Approximation of High-Order Tensors by Partial Sampling: New Results and Algorithms

CESAR F. CAIAFA; ANDRZEJ CICHOCKI

Pisa, ITALY

Conferencia; ILAS 2010 16 Conference of the International Linear Algebra Society; 2010

International Linear Algebra Society

Recently [1,2,3], a new formula was provided that allows one to reconstruct a rank-(R1 , R2 , ..., RN ) Tucker tensor Y (I1×I2,...,×IN) from a subset of its entries which are determined by a selected subset of Rn indices in each mode (n=1,2,...,N). As a generalization of the column-row matrix decomposition (also known as CUR or skeleton decomposition), which approximates a matrix from a subset of its rows and columns, our result provides a new method for the approximation of a high dimensional (N>=3) tensor by us- ing only the information contained in a subset of its n-mode fibers (n=1,2,...,N).
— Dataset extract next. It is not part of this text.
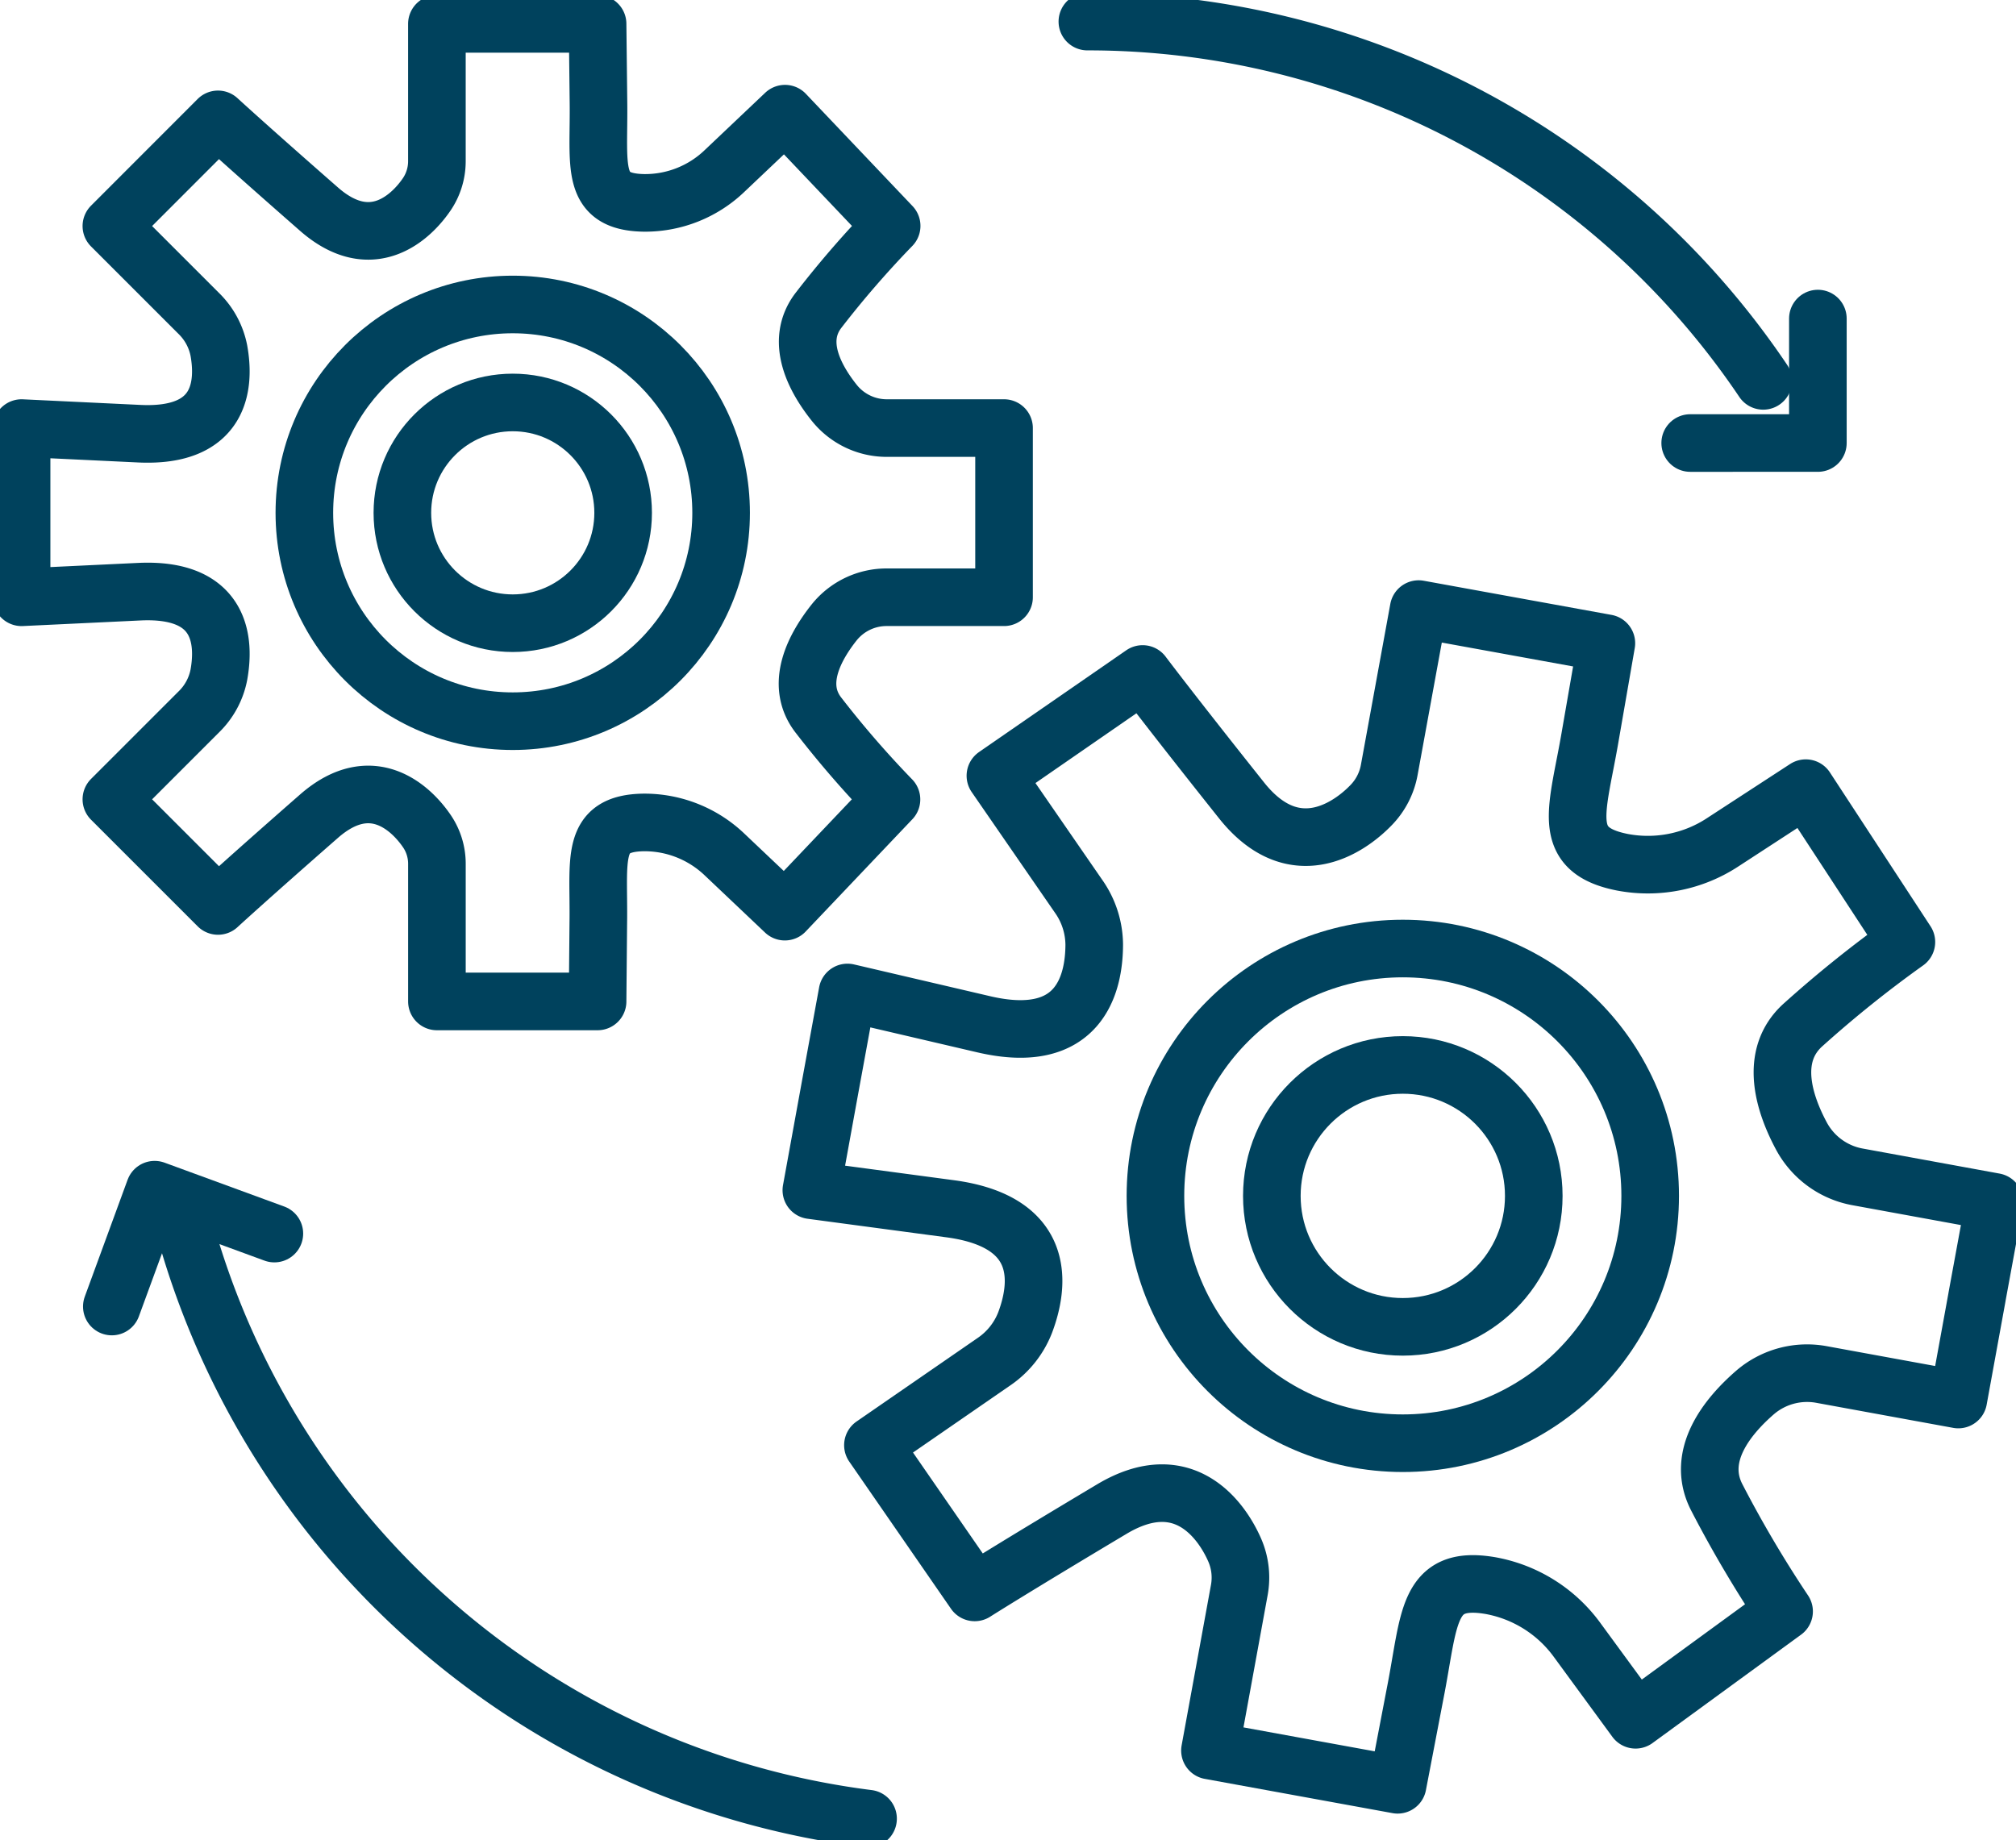<?xml version="1.0" encoding="UTF-8"?> <svg xmlns="http://www.w3.org/2000/svg" xmlns:xlink="http://www.w3.org/1999/xlink" id="ico" width="105" height="95.856" viewBox="0 0 105 95.856"><defs><clipPath id="clip-path"><rect id="Rectangle_629" data-name="Rectangle 629" width="105" height="95.856" fill="none" stroke="#00425d" stroke-width="1"></rect></clipPath></defs><g id="Groupe_3038" data-name="Groupe 3038" clip-path="url(#clip-path)"><path id="Tracé_22670" data-name="Tracé 22670" d="M52.67,26.956V22.714H46.584a3.5,3.5,0,0,1-2.736-1.289c-1.012-1.259-2.1-3.223-.832-4.857a51.8,51.8,0,0,1,3.8-4.385L41.262,6.337l-3.14,2.976a5.984,5.984,0,0,1-4.2,1.671c-2.841-.045-2.331-1.919-2.376-5.269L31.5,1.66H23.131V8.825a3.073,3.073,0,0,1-.51,1.686c-.8,1.192-2.871,3.215-5.629.8-3.8-3.328-5.262-4.677-5.262-4.677L6.177,12.191l4.557,4.557a3.692,3.692,0,0,1,1.042,1.934c.307,1.7.18,4.527-4.137,4.325L1.5,22.714v8.814l6.139-.292c4.317-.2,4.445,2.623,4.137,4.325a3.664,3.664,0,0,1-1.042,1.934L6.177,42.052l5.554,5.554s1.462-1.349,5.262-4.677c2.758-2.413,4.827-.39,5.629.8a3.013,3.013,0,0,1,.51,1.686v7.165H31.5l.037-4.055c.052-3.35-.465-5.232,2.376-5.269a6.043,6.043,0,0,1,4.2,1.671l3.14,2.976,5.554-5.846a51.8,51.8,0,0,1-3.8-4.385c-1.267-1.626-.18-3.59.832-4.857a3.5,3.5,0,0,1,2.736-1.289H52.67Z" transform="translate(-0.376 -0.416)" fill="none" stroke="#00425d" stroke-linecap="round" stroke-linejoin="round" stroke-width="3"></path><circle id="Ellipse_581" data-name="Ellipse 581" cx="10.853" cy="10.853" r="10.853" transform="translate(15.852 15.86)" fill="none" stroke="#00425d" stroke-linecap="round" stroke-linejoin="round" stroke-width="3"></circle><circle id="Ellipse_582" data-name="Ellipse 582" cx="5.749" cy="5.749" r="5.749" transform="translate(20.957 20.964)" fill="none" stroke="#00425d" stroke-linecap="round" stroke-linejoin="round" stroke-width="3"></circle><path id="Tracé_22671" data-name="Tracé 22671" d="M117.091,78.157,118,73.21l-7.105-1.3a4.166,4.166,0,0,1-2.923-2.084c-.914-1.686-1.761-4.212.067-5.846a61.222,61.222,0,0,1,5.374-4.31l-5.239-8.012-4.3,2.8a7.1,7.1,0,0,1-5.262,1.057c-3.305-.66-2.309-2.736-1.649-6.663l.824-4.744L88.01,42.33l-1.529,8.365a3.532,3.532,0,0,1-.959,1.859c-1.184,1.222-4.032,3.14-6.738-.262C75.05,47.6,73.634,45.71,73.634,45.71l-7.668,5.3,4.347,6.3a4.423,4.423,0,0,1,.8,2.481c0,2.046-.757,5.329-5.749,4.167L58.261,62.3l-.907,4.947L56.38,72.6l7.233.967c5.082.682,4.625,4.01,3.9,5.929a4.394,4.394,0,0,1-1.626,2.039l-6.3,4.347,5.3,7.668s1.994-1.267,7.143-4.34c3.74-2.234,5.719.577,6.4,2.136a3.589,3.589,0,0,1,.24,2.076l-1.529,8.365,9.774,1.784.907-4.729c.772-3.9.577-6.206,3.9-5.651a7.153,7.153,0,0,1,4.55,2.848l3.036,4.145,7.735-5.644a61.806,61.806,0,0,1-3.5-5.929c-1.132-2.174.555-4.235,2-5.486a4.156,4.156,0,0,1,3.47-.922l7.105,1.3.974-5.344Z" transform="translate(-14.122 -10.603)" fill="none" stroke="#00425d" stroke-linecap="round" stroke-linejoin="round" stroke-width="3"></path><circle id="Ellipse_583" data-name="Ellipse 583" cx="12.884" cy="12.884" r="12.884" transform="translate(60.179 49.408)" fill="none" stroke="#00425d" stroke-linecap="round" stroke-linejoin="round" stroke-width="3"></circle><circle id="Ellipse_584" data-name="Ellipse 584" cx="6.821" cy="6.821" r="6.821" transform="translate(66.242 55.472)" fill="none" stroke="#00425d" stroke-linecap="round" stroke-linejoin="round" stroke-width="3"></circle><path id="Tracé_22672" data-name="Tracé 22672" d="M48.44,116.158A42.454,42.454,0,0,1,12.89,85.54" transform="translate(-3.229 -21.426)" fill="none" stroke="#00425d" stroke-linecap="round" stroke-linejoin="round" stroke-width="3"></path><path id="Tracé_22673" data-name="Tracé 22673" d="M75.56,1.5a42.4,42.4,0,0,1,35.2,18.715" transform="translate(-18.926 -0.376)" fill="none" stroke="#00425d" stroke-linecap="round" stroke-linejoin="round" stroke-width="3"></path><path id="Tracé_22674" data-name="Tracé 22674" d="M124.1,22.14v6.483H117.45" transform="translate(-29.419 -5.546)" fill="none" stroke="#00425d" stroke-linecap="round" stroke-linejoin="round" stroke-width="3"></path><path id="Tracé_22675" data-name="Tracé 22675" d="M7.77,88.766,10,82.68l6.236,2.286" transform="translate(-1.946 -20.71)" fill="none" stroke="#00425d" stroke-linecap="round" stroke-linejoin="round" stroke-width="3"></path></g></svg>

The proposed algorithm can be applied to the case of arbitrary number of dimensions (N>=3) and the indices are sequentially selected in an optimal way based on the previously selected ones. In this talk, we an-alyze and discuss the properties of this method in terms of the subspaces spanned by the unfolding matrices of the subtensor determined by the selected indices. We also discuss about its applications for signal processing where low dimensional signals are mapped to higher dimensional tensors and processed with tensor tools. Experimental results are shown to illustrate the properties and the potential of this method.